__The task__: With images excluded, write out each entry below exactly as given.

__Items from a dataset__:
▼▼▼

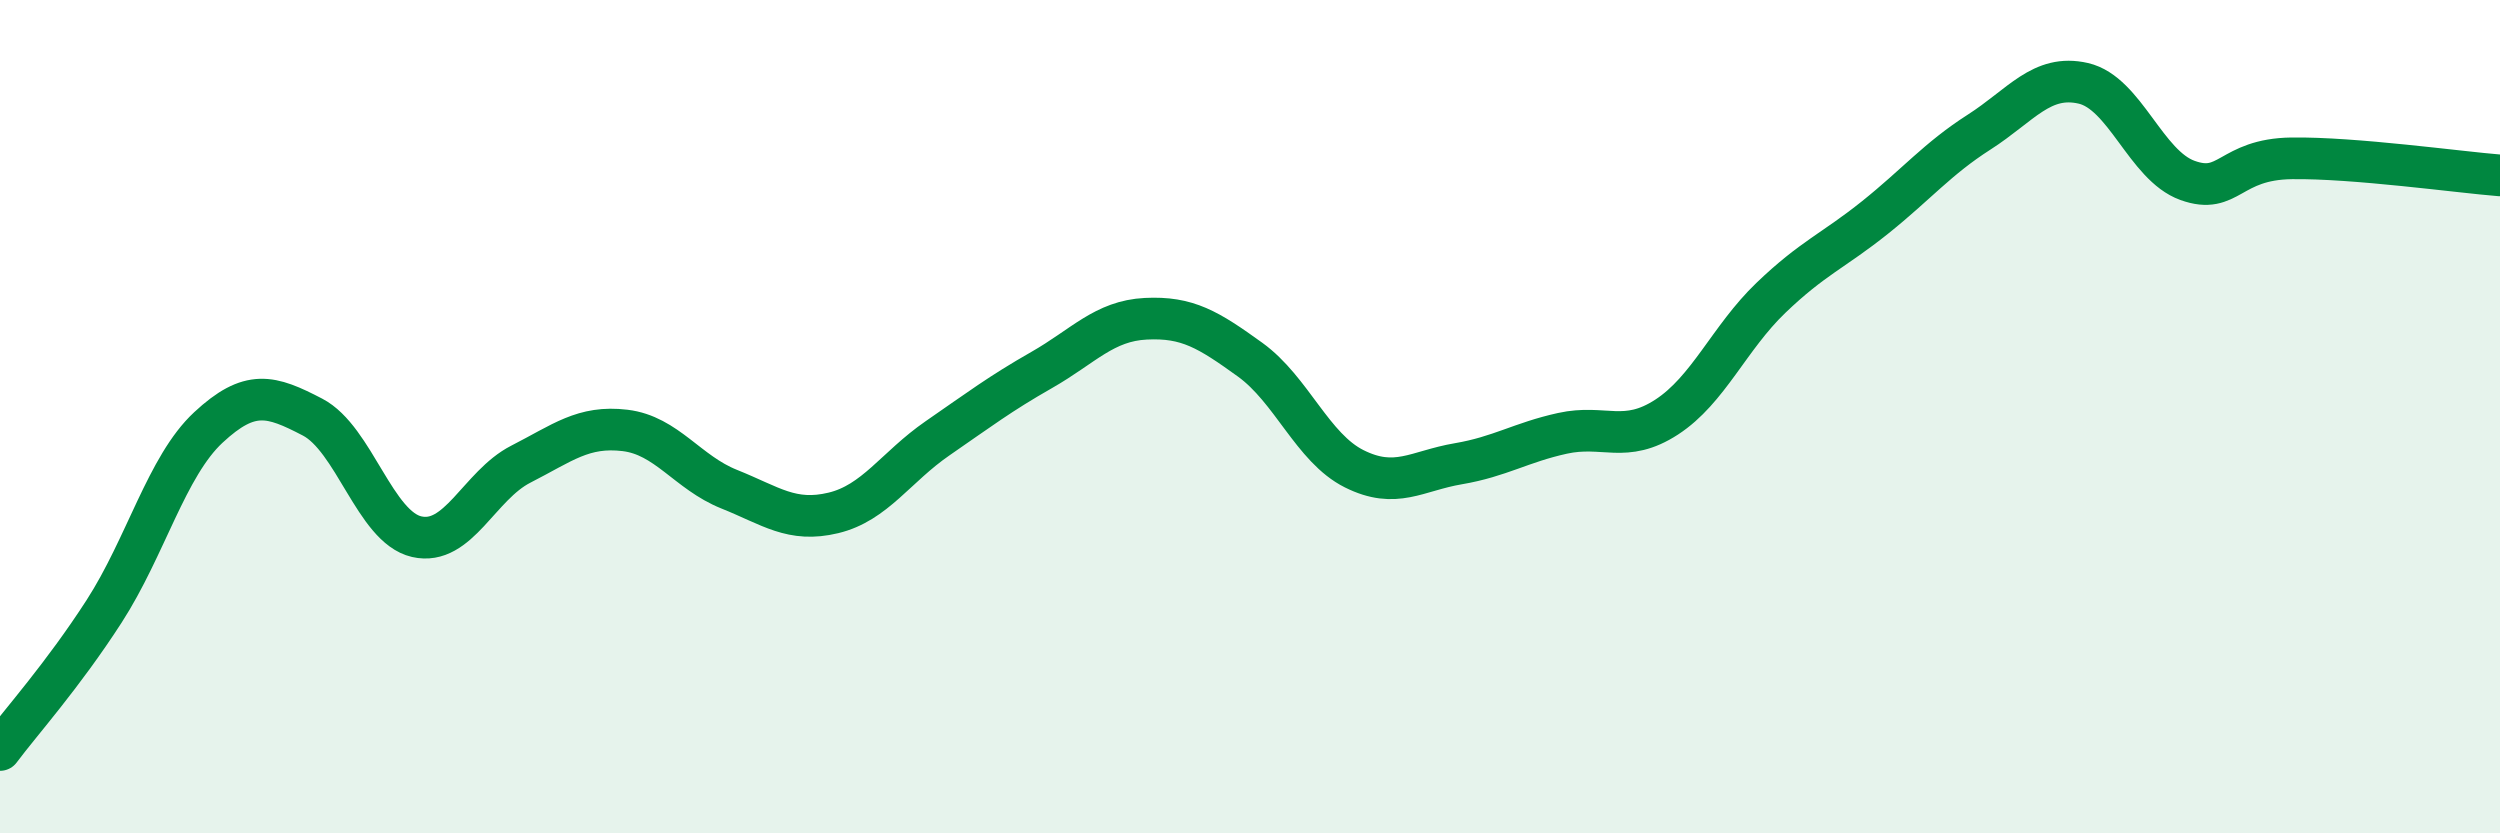 
    <svg width="60" height="20" viewBox="0 0 60 20" xmlns="http://www.w3.org/2000/svg">
      <path
        d="M 0,18 C 0.5,17.33 1.5,16.22 2.5,14.67 C 3.5,13.12 4,11.19 5,10.26 C 6,9.33 6.5,9.49 7.5,10.01 C 8.5,10.53 9,12.65 10,12.88 C 11,13.11 11.5,11.65 12.5,11.14 C 13.5,10.63 14,10.21 15,10.33 C 16,10.45 16.5,11.34 17.5,11.74 C 18.5,12.14 19,12.55 20,12.31 C 21,12.07 21.5,11.21 22.5,10.52 C 23.5,9.83 24,9.45 25,8.88 C 26,8.31 26.5,7.7 27.5,7.65 C 28.5,7.6 29,7.91 30,8.63 C 31,9.35 31.5,10.75 32.5,11.25 C 33.5,11.75 34,11.3 35,11.13 C 36,10.96 36.5,10.62 37.5,10.4 C 38.5,10.18 39,10.66 40,10.01 C 41,9.36 41.5,8.11 42.5,7.15 C 43.5,6.19 44,6.02 45,5.22 C 46,4.42 46.5,3.81 47.5,3.17 C 48.5,2.53 49,1.77 50,2 C 51,2.23 51.5,3.97 52.5,4.33 C 53.5,4.69 53.5,3.82 55,3.8 C 56.5,3.78 59,4.13 60,4.21L60 20L0 20Z"
        fill="#008740"
        opacity="0.1"
        stroke-linecap="round"
        stroke-linejoin="round"
      />
      <path
        d="M 0,18 C 0.5,17.33 1.5,16.22 2.5,14.67 C 3.5,13.12 4,11.19 5,10.26 C 6,9.33 6.5,9.49 7.5,10.01 C 8.5,10.53 9,12.65 10,12.88 C 11,13.11 11.5,11.65 12.5,11.14 C 13.5,10.63 14,10.21 15,10.33 C 16,10.45 16.5,11.34 17.5,11.74 C 18.5,12.14 19,12.55 20,12.31 C 21,12.07 21.5,11.21 22.5,10.52 C 23.5,9.83 24,9.45 25,8.88 C 26,8.31 26.5,7.7 27.5,7.65 C 28.5,7.6 29,7.91 30,8.63 C 31,9.35 31.5,10.75 32.5,11.25 C 33.5,11.75 34,11.3 35,11.13 C 36,10.96 36.5,10.62 37.5,10.4 C 38.5,10.18 39,10.66 40,10.01 C 41,9.36 41.5,8.11 42.5,7.15 C 43.5,6.19 44,6.02 45,5.22 C 46,4.42 46.5,3.81 47.5,3.17 C 48.5,2.53 49,1.77 50,2 C 51,2.23 51.5,3.97 52.5,4.33 C 53.5,4.69 53.5,3.82 55,3.8 C 56.5,3.78 59,4.13 60,4.21"
        stroke="#008740"
        stroke-width="1"
        fill="none"
        stroke-linecap="round"
        stroke-linejoin="round"
      />
    </svg>

▲▲▲

__Solution to this exercise__:
    <svg width="60" height="20" viewBox="0 0 60 20" xmlns="http://www.w3.org/2000/svg">
      <path
        d="M 0,18 C 0.5,17.33 1.5,16.22 2.5,14.67 C 3.5,13.12 4,11.19 5,10.26 C 6,9.33 6.5,9.49 7.5,10.01 C 8.5,10.53 9,12.65 10,12.88 C 11,13.11 11.5,11.65 12.5,11.14 C 13.5,10.63 14,10.21 15,10.33 C 16,10.45 16.5,11.34 17.5,11.74 C 18.5,12.14 19,12.55 20,12.31 C 21,12.07 21.5,11.21 22.5,10.52 C 23.5,9.83 24,9.45 25,8.88 C 26,8.31 26.5,7.7 27.5,7.65 C 28.5,7.6 29,7.91 30,8.63 C 31,9.35 31.5,10.75 32.5,11.25 C 33.5,11.75 34,11.3 35,11.13 C 36,10.96 36.5,10.62 37.5,10.4 C 38.5,10.18 39,10.66 40,10.01 C 41,9.36 41.5,8.11 42.5,7.15 C 43.5,6.19 44,6.02 45,5.22 C 46,4.42 46.5,3.81 47.5,3.17 C 48.5,2.53 49,1.77 50,2 C 51,2.23 51.5,3.97 52.5,4.33 C 53.5,4.69 53.5,3.82 55,3.8 C 56.5,3.78 59,4.13 60,4.21L60 20L0 20Z"
        fill="#008740"
        opacity="0.1"
        stroke-linecap="round"
        stroke-linejoin="round"
      />
      <path
        d="M 0,18 C 0.5,17.33 1.5,16.22 2.5,14.67 C 3.5,13.12 4,11.19 5,10.26 C 6,9.33 6.5,9.49 7.5,10.01 C 8.5,10.53 9,12.65 10,12.88 C 11,13.11 11.5,11.65 12.5,11.14 C 13.5,10.63 14,10.21 15,10.33 C 16,10.45 16.5,11.34 17.5,11.74 C 18.5,12.14 19,12.55 20,12.31 C 21,12.07 21.5,11.21 22.5,10.52 C 23.5,9.83 24,9.45 25,8.88 C 26,8.31 26.5,7.7 27.5,7.65 C 28.5,7.6 29,7.91 30,8.63 C 31,9.35 31.5,10.75 32.5,11.25 C 33.5,11.75 34,11.3 35,11.13 C 36,10.96 36.5,10.62 37.5,10.4 C 38.5,10.18 39,10.66 40,10.01 C 41,9.36 41.5,8.11 42.5,7.15 C 43.5,6.19 44,6.02 45,5.22 C 46,4.42 46.5,3.81 47.5,3.17 C 48.5,2.53 49,1.77 50,2 C 51,2.23 51.5,3.97 52.5,4.33 C 53.5,4.69 53.5,3.82 55,3.8 C 56.5,3.78 59,4.13 60,4.21"
        stroke="#008740"
        stroke-width="1"
        fill="none"
        stroke-linecap="round"
        stroke-linejoin="round"
      />
    </svg>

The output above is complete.